International Journal of Gynecological Cancer Jul 13, 2018

Rome R, et al. - Factors linked to long-term disease-specific survival (DSS) and complications following radiotherapy (RT) for recurrent or persistent ovarian and tubal cancer were investigated in this analysis. Data reported that in select cases of localized recurrent or persistent ovarian cancer, there was a place for RT and it might confer long-term survival.

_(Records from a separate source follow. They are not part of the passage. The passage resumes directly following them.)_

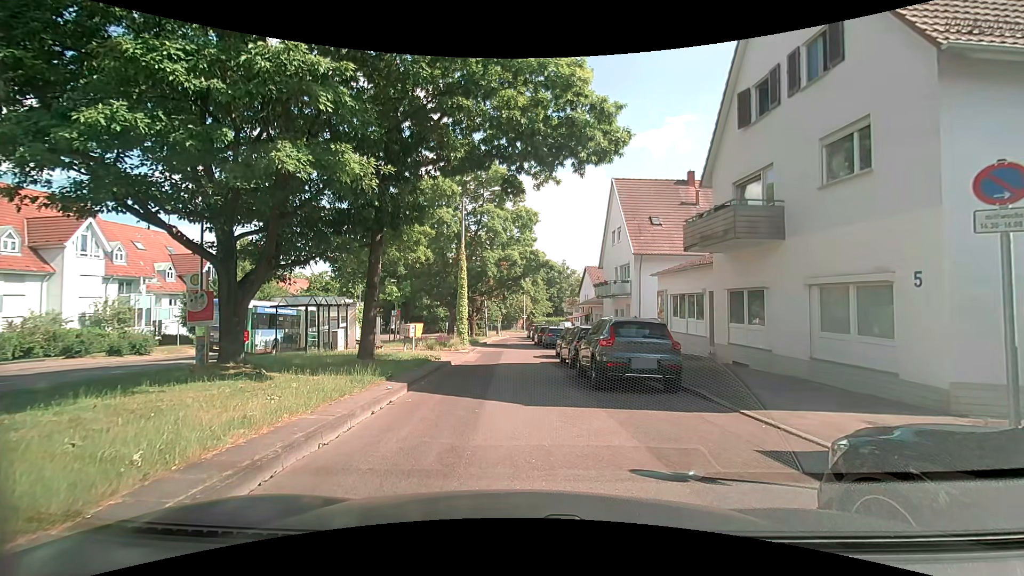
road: residential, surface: asphalt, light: Day
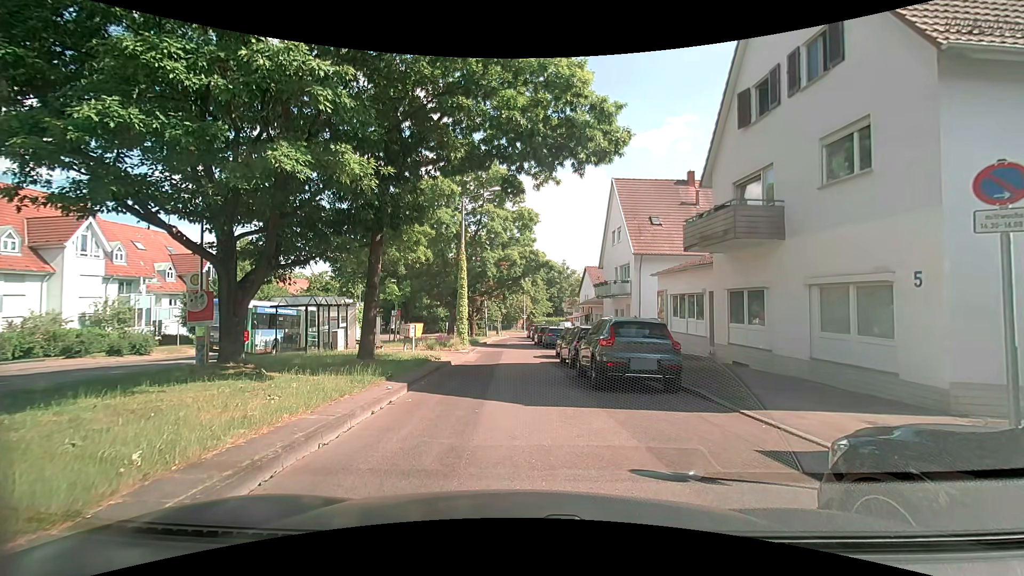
(0.0, 0.0) m; 0°
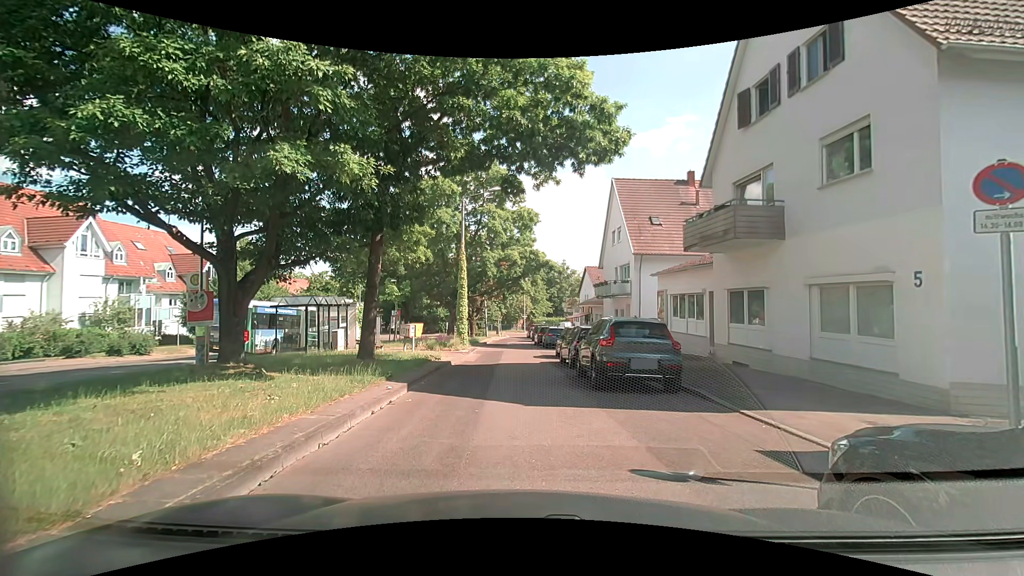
(0.0, 0.0) m; 0°
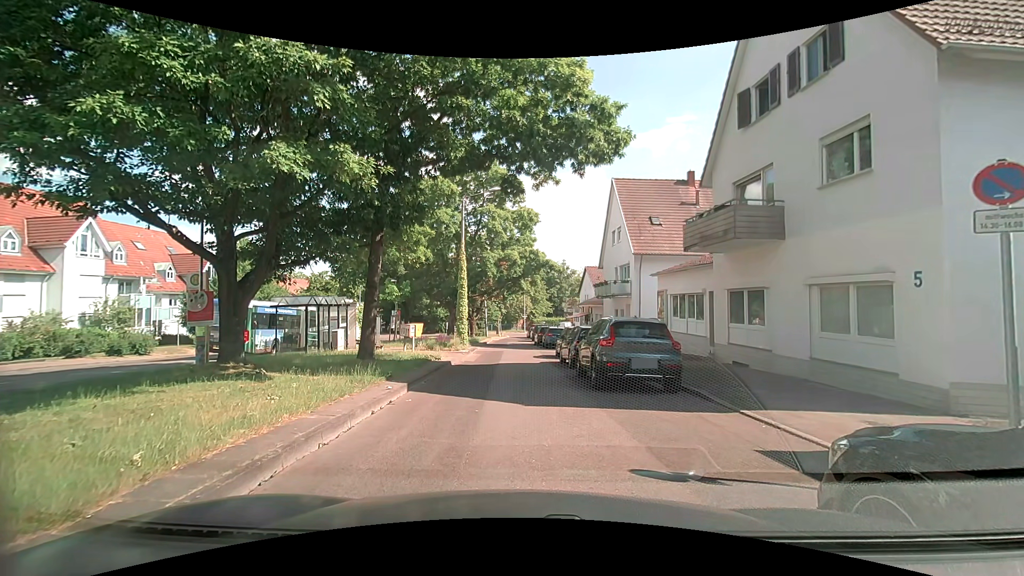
(0.0, 0.0) m; 0°
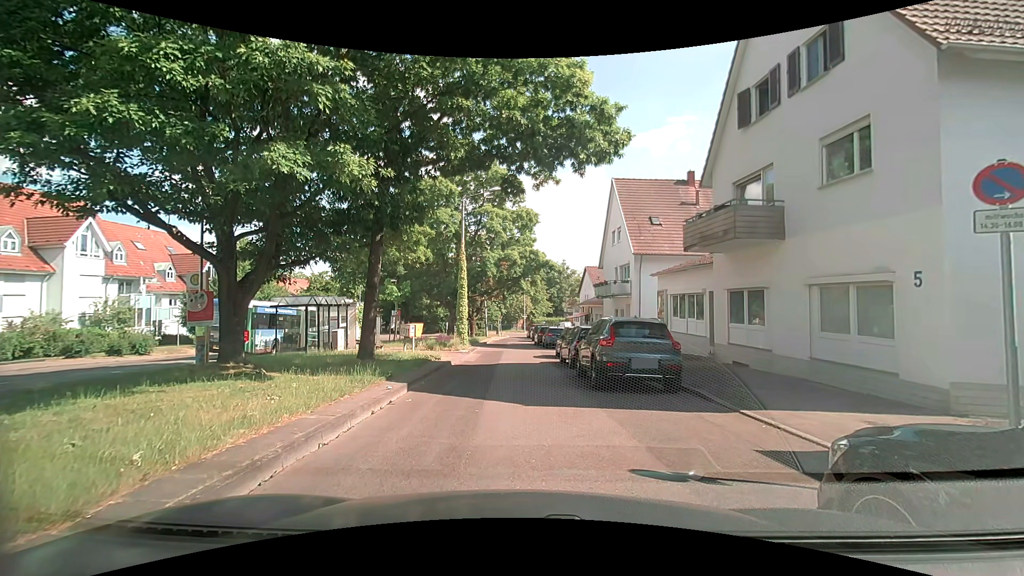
(0.0, 0.0) m; 0°
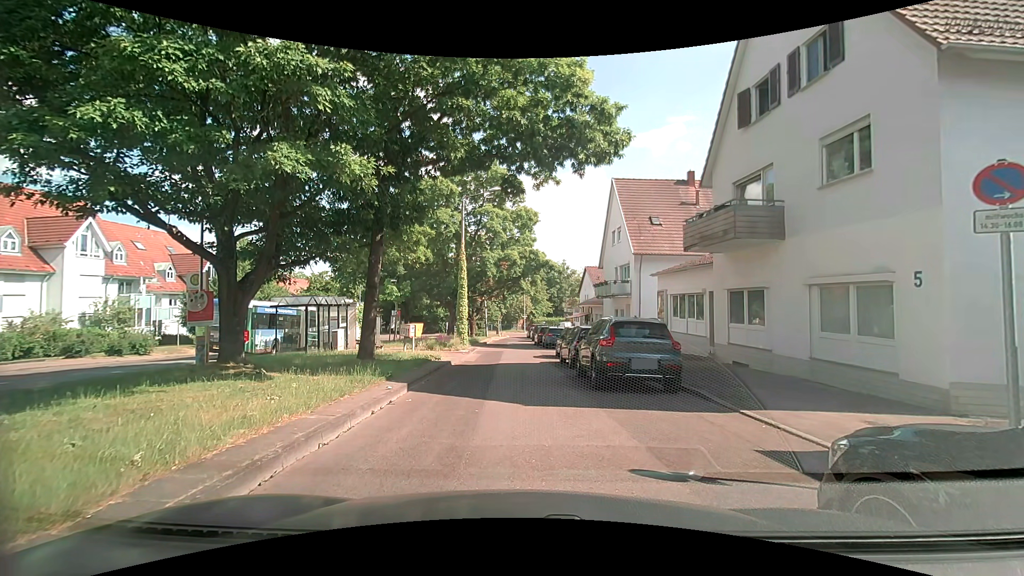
(0.0, 0.0) m; 0°
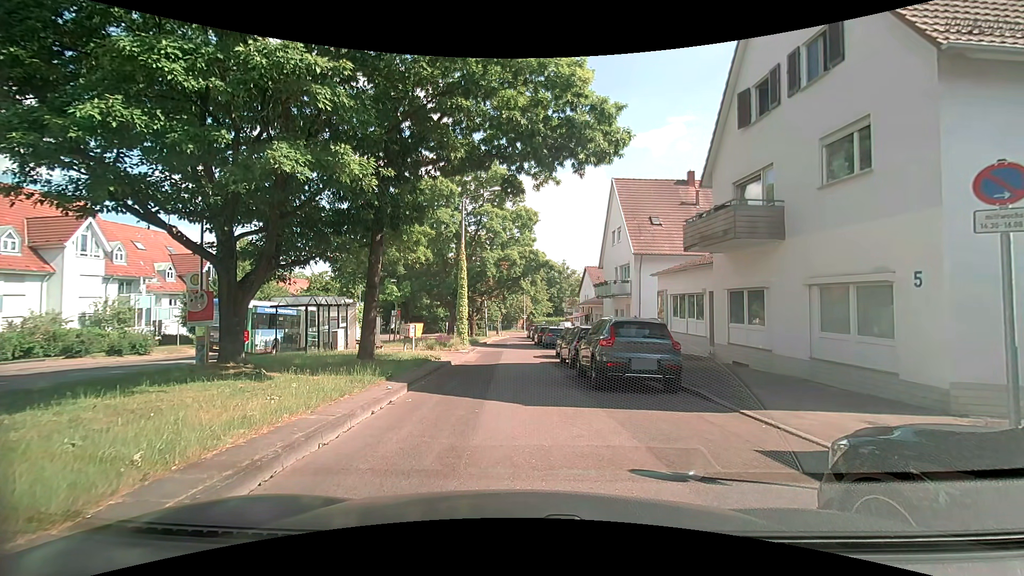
(0.0, 0.0) m; 0°
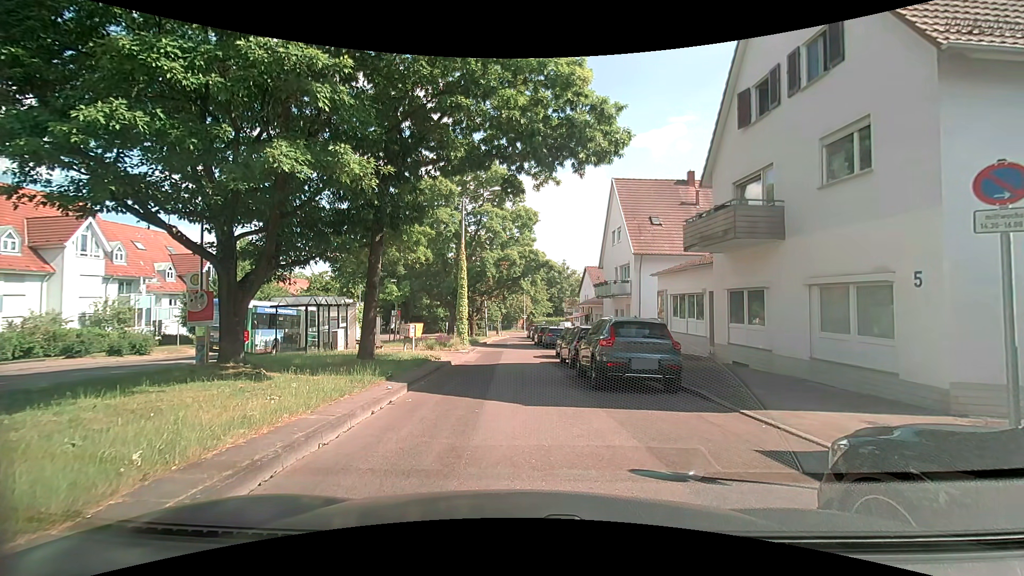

Though it might confer an increased risk of severe bowel complications, it was noted that surgery was useful to debulk and define the extent of tumor to be irradiated.

Methods

  • For this investigation, 65 women with ovarian (57), tubal (3), or co-existent ovarian/endometrial carcinoma (5) received RT (> 45 Gy) with curative intent for recurrent (45) or persistent cancer (20) found at second-look surgery between 1980 and 2015.
  • Surgery to debulk (± restage) was incorporated into the management of all but seven cases.

Results

  • The study results showed that 22 women had no evidence of disease at last contact after a median of 15.6 years (range=1.0–35.8 years).
  • Out of 53 subjects treated more than 10 years ago, 18 (34%) are in this long-term no evidence of disease group.
  • Univariate analysis demonstrated that the following factors were significantly linked with longer DSS (P < 0.05): initial stage I, II (vs III, IV); endometrioid histology (vs serous and other); no or 1 previous chemotherapy (vs ≥ 2); no macroscopic tumor before RT (vs macroscopic); localized tumor encompassed by a limited-volume RT field (vs more widespread tumor), and chemotherapy and RT (vs RT only).
  • Multivariate analysis demonstrated that endometrioid (vs other histology HR = 4.37, P=0.017) and localized tumor (vs more widespread tumor, HR = 2.43, P=0.017) were significantly linked with longer DSS.
  • Data reported that 13 (21.7%) of 60 subjects developed G3 or 4 bowel complications requiring surgery after RT to the pelvis and/or abdomen; in 10, these occurred in the presence of tumor, RT changes, and adhesions, and in 3, no sign of cancer was found.
  • According to the findings obtained, six patients (9.2%) developed a subsequent malignancy.